The Third Millennium: A History of the World AD 2000–3000
- Cover
- Authors: Brian Stableford David Langford
- Language: English
- Genre: Science fiction
- Published: 1985
- Publication place: United Kingdom
- Media type: Print (Hardcover)
- Pages: 224
- ISBN: 978-0283992117

= The Third Millennium: A History of the World AD 2000–3000 =

Book by Brian Stableford and David Langford

The Third Millennium: A History of the World AD 2000–3000 is a 1985 book by the science fiction writers Brian Stableford and David Langford.
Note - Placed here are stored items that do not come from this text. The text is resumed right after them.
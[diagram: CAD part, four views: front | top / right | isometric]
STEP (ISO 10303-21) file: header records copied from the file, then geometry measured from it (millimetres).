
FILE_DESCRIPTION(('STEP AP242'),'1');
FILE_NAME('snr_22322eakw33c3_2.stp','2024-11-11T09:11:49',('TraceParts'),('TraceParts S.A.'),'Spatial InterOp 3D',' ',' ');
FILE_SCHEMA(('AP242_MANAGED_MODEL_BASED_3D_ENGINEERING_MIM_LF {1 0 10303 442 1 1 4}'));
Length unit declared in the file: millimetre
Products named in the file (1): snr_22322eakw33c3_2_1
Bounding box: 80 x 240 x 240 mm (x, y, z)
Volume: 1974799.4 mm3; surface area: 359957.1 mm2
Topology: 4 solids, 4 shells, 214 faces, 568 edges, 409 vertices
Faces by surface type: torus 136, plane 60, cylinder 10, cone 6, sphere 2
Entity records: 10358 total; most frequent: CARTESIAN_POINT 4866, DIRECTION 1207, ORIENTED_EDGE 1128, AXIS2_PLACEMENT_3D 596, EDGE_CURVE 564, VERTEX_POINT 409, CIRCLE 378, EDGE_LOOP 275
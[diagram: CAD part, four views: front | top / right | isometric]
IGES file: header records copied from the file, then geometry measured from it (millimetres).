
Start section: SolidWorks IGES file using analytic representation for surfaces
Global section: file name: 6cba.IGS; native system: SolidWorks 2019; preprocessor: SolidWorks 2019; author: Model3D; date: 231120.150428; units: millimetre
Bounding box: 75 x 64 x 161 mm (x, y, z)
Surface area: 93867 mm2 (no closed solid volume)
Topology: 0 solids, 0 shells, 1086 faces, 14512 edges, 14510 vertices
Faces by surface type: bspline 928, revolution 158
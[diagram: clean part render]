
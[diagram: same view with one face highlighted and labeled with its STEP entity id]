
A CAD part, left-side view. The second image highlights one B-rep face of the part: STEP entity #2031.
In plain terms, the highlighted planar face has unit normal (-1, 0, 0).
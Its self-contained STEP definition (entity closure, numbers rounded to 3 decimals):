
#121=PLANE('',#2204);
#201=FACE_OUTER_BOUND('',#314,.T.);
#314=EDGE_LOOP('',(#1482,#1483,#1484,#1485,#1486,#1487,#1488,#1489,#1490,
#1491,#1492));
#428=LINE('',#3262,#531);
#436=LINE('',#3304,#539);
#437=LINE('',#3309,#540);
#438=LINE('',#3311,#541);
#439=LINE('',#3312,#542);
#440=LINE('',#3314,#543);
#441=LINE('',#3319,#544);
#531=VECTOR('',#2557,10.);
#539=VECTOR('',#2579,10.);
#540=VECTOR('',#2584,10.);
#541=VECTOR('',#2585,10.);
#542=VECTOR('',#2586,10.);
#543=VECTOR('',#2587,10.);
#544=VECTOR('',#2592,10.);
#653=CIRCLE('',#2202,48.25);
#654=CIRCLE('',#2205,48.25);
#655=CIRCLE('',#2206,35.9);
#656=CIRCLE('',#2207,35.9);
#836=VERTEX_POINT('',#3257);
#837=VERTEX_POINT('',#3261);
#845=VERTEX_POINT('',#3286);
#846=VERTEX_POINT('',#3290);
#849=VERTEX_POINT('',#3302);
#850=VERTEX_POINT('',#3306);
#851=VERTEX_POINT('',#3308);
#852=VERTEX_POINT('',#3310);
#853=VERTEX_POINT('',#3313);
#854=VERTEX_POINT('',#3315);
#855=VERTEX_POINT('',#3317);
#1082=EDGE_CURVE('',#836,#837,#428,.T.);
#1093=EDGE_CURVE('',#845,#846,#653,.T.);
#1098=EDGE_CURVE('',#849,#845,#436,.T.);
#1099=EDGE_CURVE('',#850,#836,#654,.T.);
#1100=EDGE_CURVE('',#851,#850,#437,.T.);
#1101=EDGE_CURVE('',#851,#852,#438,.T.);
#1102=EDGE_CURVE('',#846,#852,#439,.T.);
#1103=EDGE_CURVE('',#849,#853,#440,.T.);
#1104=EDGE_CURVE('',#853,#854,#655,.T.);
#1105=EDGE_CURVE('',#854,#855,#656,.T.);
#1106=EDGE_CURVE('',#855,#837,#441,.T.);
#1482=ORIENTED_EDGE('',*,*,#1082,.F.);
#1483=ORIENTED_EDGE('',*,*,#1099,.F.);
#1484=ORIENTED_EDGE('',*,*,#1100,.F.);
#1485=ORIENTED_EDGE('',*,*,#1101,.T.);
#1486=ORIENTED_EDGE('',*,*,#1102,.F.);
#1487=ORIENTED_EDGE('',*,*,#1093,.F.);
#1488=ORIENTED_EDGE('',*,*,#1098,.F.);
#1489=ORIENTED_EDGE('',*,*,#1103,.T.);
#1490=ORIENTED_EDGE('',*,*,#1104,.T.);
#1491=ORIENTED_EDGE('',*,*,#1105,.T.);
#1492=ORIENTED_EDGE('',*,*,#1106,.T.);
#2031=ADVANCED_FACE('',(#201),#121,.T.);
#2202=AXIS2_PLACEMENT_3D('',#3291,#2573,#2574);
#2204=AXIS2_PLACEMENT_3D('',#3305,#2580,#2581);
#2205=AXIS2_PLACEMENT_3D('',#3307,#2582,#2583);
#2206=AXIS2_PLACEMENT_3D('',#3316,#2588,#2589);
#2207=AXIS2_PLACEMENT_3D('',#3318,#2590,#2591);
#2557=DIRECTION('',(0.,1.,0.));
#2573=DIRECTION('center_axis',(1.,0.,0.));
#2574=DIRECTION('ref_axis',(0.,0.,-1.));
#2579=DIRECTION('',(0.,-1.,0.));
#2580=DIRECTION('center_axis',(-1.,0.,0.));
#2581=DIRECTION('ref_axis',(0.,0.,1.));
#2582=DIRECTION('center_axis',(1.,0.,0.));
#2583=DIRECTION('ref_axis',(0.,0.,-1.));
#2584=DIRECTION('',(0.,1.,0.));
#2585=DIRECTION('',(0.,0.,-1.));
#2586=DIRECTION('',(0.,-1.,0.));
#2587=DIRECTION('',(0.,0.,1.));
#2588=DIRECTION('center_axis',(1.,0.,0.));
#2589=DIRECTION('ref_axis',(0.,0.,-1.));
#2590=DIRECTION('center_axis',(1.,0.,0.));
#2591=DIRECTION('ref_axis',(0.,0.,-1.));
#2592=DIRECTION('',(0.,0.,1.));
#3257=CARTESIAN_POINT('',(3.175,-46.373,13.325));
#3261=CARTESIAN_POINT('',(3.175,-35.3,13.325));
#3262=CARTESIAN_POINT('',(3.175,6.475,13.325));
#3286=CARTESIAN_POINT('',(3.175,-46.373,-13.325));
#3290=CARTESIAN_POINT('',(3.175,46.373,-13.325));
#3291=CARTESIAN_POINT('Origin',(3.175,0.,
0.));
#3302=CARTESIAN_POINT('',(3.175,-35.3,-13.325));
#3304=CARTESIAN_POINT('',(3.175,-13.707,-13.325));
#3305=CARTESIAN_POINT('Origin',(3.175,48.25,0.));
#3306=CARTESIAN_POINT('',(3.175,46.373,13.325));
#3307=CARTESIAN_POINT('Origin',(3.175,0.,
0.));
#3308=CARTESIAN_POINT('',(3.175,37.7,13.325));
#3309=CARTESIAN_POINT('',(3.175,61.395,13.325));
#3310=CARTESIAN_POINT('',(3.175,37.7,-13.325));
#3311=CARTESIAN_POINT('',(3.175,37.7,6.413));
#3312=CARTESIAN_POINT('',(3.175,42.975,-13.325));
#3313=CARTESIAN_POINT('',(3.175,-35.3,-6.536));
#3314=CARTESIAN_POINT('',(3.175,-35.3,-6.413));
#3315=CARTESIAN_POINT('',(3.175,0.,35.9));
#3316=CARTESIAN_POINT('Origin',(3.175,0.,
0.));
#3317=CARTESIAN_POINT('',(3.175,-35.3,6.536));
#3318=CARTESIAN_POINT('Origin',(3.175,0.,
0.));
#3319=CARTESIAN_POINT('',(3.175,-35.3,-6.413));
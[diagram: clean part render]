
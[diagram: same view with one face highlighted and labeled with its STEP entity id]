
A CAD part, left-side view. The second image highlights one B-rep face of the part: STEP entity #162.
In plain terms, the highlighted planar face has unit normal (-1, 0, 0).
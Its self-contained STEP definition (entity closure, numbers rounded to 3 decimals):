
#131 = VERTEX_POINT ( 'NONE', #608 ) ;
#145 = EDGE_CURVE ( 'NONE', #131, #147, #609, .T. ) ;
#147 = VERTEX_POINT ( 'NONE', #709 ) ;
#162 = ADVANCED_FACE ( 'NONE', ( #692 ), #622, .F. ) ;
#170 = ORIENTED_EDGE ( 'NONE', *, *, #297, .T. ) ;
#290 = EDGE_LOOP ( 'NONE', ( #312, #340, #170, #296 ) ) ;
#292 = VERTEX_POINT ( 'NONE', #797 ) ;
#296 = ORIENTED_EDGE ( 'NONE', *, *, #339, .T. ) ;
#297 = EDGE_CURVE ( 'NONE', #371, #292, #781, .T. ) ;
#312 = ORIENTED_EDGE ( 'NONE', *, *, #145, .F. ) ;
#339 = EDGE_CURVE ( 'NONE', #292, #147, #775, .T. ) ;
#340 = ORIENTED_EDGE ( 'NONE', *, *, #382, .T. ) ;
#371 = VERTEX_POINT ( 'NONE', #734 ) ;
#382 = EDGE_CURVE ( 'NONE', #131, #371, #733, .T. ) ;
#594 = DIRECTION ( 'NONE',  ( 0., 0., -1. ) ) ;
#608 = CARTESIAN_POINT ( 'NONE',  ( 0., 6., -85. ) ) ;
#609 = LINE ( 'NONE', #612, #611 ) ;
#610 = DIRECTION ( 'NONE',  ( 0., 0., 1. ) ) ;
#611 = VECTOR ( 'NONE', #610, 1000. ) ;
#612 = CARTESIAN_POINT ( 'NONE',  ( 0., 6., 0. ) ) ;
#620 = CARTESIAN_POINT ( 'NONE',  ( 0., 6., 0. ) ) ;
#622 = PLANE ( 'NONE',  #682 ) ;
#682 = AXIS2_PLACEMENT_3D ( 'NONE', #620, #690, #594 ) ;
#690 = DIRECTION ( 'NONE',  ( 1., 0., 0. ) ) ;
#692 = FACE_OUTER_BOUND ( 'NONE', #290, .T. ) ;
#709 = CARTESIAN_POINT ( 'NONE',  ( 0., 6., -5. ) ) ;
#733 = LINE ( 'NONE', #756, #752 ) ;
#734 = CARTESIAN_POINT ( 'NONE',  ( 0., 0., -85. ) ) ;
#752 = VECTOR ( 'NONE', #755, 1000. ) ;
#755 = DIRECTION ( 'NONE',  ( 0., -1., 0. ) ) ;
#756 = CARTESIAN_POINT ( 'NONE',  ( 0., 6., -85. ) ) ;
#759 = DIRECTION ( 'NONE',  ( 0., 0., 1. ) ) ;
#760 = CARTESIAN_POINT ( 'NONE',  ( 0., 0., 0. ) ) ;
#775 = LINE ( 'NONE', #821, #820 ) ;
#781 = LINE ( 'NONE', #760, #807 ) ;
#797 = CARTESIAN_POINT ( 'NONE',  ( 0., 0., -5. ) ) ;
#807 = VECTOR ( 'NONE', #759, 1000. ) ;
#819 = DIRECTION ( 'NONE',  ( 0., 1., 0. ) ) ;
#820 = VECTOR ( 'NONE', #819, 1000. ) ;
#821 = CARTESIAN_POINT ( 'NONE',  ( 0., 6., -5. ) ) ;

It is a fictional historical account, from the perspective of the year 3000, giving a future history of humanity and its technological and sociological developments.

==Plot==
Some of the developments mentioned include:

- Artificial intelligence.
- Asteroid mining (such as the "Cracking of Ceres").
- Bioengineered foods including whimsical items such as the Jack Spratt Grass Chop, photosynthetic suits grafted to human skin meant to provide a means of sustenance without eating.
- Extreme cosmetic body modification such as skin with pockets, flashing irises, fur, claws, and fingernails which function as timepieces.
- Genetic engineering, including life extension and transhumanism as some humans become engineered to live in extreme environments such as cold, zero-g, and even water-breathing humans for aquatic communities.
- Geopolitical events such as war, famine, pestilence, and terrorism (as well as the "Sinking of Japan" by an earthquake).
- Implementation of fusion power.
- Interstellar colonization, and eventual extraterrestrial contact.
- L5 (Lagrange Point) space colonies such as those proposed by scientist Gerard K. O'Neill.
- Self-driving automobiles (the "Tiger-Dream Machine" from Ford Autocar).
- Sublight starships such as the Bussard Ramjet.
- Terraforming.

==Related works==

Stableford commented in a 2001 interview with Strange Horizons magazine that a number of his stories were set in updated versions of the future history imagined in The Third Millennium. These included the story "...And He Not Busy Being Born", the novellas Les Fleurs du Mall, Inherit the Earth, and Mortimer Gray's History of Death, as well as the novels of his Emortality series, four of which were expanded versions of the previously mentioned stories.